Quell’immagine liberista fu, non a caso, definita dallo stesso Einaudi, in una risposta al deputato socialista Calosso, un “fantoccio mai esistito e perciò comodo a buttare a terra” (2), respingendo, assieme al fantoccio, la stessa tesi, summa liberistica, secondo cui i singoli uomini urtandosi l’un l’altro finirebbero per fare l’interesse proprio e quello generale, definendo tale summa come una autentica “invenzione degli anti liberisti, si chiamassero o si chiamino essi protezionisti o socialisti o pianificatori”.

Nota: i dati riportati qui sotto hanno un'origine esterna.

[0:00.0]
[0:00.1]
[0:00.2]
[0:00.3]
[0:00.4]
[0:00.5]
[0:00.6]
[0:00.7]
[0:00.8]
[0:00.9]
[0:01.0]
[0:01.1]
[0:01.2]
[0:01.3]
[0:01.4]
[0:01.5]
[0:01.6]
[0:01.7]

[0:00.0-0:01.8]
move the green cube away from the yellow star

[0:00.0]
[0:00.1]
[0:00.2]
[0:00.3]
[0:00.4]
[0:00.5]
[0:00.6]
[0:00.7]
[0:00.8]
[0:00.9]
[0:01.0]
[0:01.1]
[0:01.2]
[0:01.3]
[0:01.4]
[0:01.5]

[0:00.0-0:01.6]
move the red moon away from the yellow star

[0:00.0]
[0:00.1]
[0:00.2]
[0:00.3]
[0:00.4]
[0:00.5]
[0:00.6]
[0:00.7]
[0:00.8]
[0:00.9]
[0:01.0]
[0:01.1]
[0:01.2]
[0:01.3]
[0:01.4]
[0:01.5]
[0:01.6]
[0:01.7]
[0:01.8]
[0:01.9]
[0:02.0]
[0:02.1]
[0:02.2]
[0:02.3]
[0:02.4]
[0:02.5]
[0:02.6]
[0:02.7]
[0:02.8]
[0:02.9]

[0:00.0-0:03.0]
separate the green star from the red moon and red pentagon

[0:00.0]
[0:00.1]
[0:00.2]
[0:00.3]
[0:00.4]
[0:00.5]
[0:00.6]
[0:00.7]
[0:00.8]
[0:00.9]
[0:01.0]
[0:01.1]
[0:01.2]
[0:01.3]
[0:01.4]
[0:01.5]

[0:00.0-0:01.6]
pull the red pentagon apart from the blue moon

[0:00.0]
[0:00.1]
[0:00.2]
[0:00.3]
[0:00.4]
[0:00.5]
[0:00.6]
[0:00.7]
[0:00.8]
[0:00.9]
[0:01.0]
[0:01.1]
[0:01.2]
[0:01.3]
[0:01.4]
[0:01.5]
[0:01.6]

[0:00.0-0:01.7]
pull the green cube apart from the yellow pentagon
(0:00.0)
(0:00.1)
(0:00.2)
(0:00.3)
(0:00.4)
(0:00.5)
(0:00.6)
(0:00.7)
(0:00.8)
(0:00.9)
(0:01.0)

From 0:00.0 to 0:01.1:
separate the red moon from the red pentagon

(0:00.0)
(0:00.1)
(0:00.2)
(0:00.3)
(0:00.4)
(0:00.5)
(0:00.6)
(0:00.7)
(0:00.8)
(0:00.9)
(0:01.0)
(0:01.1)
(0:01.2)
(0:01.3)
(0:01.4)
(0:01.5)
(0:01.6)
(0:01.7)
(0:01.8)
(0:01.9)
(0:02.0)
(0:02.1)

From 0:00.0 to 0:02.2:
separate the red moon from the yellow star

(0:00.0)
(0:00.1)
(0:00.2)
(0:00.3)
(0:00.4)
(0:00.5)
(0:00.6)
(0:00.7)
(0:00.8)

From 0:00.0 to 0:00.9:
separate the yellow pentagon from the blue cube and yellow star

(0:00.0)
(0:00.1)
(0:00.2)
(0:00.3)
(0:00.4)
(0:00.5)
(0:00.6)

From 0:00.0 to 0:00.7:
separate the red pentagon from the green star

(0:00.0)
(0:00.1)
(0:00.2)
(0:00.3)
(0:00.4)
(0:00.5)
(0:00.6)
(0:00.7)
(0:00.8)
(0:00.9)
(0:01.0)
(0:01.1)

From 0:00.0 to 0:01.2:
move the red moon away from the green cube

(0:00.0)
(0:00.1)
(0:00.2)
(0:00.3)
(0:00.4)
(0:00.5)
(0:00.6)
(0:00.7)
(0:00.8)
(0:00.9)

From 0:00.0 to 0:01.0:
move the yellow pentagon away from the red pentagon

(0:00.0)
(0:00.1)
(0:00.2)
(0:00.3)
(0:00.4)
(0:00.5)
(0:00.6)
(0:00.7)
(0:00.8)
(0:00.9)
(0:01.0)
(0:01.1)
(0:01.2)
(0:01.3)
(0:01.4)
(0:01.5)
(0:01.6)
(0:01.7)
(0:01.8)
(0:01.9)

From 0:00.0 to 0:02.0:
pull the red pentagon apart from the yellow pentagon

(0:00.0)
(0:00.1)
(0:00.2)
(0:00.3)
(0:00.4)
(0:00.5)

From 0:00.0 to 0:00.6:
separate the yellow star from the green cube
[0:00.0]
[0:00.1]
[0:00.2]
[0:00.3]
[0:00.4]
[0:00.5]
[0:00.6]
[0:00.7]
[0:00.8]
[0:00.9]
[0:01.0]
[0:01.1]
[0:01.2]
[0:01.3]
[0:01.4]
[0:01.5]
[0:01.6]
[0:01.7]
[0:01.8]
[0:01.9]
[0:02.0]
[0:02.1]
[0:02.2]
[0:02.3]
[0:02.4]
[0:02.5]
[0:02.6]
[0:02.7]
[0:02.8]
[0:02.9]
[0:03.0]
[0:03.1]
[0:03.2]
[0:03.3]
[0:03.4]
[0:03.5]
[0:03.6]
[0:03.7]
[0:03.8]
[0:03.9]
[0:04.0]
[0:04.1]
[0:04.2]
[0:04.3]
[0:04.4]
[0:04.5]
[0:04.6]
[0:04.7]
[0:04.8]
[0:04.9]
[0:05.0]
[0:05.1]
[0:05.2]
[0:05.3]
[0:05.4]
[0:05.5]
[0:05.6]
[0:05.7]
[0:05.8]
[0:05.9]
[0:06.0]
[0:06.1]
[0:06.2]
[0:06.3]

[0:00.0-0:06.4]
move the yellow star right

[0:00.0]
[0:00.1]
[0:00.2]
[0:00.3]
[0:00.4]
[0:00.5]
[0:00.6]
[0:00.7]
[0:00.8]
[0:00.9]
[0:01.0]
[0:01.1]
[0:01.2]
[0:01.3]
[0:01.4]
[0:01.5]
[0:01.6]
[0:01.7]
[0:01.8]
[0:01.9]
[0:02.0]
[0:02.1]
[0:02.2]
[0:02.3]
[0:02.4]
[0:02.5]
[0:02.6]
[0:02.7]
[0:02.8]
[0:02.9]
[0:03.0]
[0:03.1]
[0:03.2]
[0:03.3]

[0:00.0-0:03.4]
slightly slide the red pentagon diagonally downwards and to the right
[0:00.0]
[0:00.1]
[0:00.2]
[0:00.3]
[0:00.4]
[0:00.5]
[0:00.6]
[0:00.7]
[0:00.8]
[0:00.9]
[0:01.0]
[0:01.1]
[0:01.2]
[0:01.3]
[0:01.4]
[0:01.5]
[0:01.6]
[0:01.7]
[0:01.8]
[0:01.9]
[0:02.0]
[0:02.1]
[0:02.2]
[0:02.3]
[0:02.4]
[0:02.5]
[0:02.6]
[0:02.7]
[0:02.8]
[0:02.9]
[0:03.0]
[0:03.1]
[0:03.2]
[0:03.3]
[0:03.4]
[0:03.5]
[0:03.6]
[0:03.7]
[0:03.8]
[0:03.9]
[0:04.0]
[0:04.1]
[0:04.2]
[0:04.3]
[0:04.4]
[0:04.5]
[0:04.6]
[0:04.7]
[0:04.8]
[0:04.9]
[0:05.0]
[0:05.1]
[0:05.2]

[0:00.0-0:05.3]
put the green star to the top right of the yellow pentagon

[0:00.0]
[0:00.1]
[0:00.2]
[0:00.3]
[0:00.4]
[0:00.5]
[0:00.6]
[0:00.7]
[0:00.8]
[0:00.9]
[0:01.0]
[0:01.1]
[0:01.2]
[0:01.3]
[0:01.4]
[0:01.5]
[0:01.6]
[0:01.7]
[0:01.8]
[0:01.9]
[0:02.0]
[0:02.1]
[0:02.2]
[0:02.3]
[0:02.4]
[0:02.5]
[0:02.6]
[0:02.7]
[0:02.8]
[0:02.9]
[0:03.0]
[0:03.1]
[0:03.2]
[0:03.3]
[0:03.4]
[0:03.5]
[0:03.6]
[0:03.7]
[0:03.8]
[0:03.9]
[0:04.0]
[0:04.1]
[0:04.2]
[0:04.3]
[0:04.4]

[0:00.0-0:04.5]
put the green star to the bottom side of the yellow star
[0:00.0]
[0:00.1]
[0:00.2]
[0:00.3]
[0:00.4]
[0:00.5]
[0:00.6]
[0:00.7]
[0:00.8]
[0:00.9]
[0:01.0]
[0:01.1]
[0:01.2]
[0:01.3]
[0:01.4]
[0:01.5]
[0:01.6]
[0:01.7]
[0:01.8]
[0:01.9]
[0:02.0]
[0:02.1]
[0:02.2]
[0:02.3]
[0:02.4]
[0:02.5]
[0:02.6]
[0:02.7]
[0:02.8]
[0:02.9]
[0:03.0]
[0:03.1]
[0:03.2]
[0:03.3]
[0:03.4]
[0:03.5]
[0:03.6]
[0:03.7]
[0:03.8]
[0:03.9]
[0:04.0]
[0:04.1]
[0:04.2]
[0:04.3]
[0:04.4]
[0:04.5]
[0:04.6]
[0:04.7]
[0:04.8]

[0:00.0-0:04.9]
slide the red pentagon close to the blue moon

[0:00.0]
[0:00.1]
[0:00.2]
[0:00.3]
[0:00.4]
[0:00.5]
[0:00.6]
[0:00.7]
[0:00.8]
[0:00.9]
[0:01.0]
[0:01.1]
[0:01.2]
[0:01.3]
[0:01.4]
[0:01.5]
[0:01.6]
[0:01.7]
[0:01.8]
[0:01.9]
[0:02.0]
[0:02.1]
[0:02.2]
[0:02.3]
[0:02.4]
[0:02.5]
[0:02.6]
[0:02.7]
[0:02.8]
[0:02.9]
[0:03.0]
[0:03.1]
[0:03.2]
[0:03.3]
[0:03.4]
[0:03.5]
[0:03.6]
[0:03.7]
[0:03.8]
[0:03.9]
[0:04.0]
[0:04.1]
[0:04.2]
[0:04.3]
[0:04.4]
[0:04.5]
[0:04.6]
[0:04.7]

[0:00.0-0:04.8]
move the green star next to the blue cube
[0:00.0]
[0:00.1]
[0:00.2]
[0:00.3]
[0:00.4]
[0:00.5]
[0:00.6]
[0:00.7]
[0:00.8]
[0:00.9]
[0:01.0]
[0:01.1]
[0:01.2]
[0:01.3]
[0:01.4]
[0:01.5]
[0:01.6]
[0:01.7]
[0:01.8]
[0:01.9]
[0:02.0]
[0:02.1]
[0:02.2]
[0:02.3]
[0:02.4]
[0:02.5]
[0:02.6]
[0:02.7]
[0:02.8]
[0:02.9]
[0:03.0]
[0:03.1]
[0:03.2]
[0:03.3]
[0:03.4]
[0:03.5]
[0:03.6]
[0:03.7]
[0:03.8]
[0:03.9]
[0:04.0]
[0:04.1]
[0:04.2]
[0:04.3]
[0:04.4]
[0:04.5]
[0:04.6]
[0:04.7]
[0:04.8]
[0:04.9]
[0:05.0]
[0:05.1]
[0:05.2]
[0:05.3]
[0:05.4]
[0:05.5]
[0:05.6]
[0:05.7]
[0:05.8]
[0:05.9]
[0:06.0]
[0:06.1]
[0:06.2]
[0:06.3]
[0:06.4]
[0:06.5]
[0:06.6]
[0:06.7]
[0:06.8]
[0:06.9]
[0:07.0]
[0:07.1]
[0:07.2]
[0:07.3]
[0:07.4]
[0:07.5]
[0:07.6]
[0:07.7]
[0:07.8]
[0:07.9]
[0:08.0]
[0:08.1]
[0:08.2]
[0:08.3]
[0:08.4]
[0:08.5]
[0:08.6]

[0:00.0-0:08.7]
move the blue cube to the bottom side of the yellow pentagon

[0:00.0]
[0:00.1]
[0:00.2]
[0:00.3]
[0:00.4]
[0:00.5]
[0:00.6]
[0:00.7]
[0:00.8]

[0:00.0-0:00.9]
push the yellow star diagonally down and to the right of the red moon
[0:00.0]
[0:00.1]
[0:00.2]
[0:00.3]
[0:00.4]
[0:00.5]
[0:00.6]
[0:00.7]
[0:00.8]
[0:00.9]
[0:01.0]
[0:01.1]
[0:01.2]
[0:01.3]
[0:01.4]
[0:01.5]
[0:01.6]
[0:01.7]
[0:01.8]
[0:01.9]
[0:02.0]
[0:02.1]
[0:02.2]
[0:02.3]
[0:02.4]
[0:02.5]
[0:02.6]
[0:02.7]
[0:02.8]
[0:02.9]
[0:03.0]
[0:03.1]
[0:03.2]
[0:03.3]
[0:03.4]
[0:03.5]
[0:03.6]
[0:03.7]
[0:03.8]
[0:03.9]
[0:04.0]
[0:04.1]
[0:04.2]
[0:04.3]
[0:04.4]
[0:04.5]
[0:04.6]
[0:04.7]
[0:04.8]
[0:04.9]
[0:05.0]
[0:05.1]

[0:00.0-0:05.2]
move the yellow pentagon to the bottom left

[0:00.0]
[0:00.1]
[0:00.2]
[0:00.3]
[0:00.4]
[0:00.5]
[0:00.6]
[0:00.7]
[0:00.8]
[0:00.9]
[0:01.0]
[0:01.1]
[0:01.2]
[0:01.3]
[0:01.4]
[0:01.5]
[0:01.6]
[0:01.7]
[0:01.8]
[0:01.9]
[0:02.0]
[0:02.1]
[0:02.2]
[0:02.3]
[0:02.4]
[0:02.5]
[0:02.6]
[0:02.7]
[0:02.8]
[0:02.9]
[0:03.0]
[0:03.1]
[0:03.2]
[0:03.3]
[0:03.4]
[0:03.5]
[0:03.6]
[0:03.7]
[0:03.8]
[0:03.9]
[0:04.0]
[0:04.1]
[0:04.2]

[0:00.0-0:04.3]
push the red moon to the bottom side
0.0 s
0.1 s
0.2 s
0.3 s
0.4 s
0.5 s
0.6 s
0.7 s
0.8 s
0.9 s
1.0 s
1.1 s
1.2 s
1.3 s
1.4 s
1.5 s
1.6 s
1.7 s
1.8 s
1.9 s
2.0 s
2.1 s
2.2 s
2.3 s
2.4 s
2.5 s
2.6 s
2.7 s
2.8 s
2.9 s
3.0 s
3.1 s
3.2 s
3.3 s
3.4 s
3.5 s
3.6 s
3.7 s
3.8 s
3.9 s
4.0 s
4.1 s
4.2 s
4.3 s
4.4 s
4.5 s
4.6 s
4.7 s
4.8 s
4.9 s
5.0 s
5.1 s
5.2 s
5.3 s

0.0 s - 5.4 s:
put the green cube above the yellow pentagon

Perché, per Einaudi, nessuno che abbia mai letto il libro classico di colui che è considerato per antonomasia il prototipo dei liberisti, Adam Smith, potrebbe mai ammettere che si possa applicare tale fantoccio liberista allo stesso Smith. Nella Ricchezza delle nazioni, infatti, lo scozzese iniziatore della stessa scienza economica, scrisse chiaramente che “la difesa è più importante della ricchezza” assoggettando quindi i cittadini ad imposte per perseguire il bene comune, per poi scrivere parole di fuoco contro i proprietari terrieri assenteisti.

Allontanato da sé il fantoccio liberista, Einaudi chiarirà a più riprese l’essenza della sua posizione economica. Troppo spazio richiederebbe qui l’affrontare la querelle che vide contrapposto lo stesso Einaudi all’altro grande pensatore liberale, Benedetto Croce, sul tema dei rapporti tra il liberalismo politico ed il liberalismo economico. Sia detto di passata: querelle che in realtà fu per molti aspetti più apparente che reale.

Dicevo: non a caso Einaudi, nello scansare il fantoccio costruito dai suoi avversari, si richiama ad Adam Smith.
Dallo scozzese, infatti, Einaudi non ereditò solo il chiaro empirismo, ma ancora prima il fondamento morale, prima che economico, della sua impostazione anche economica.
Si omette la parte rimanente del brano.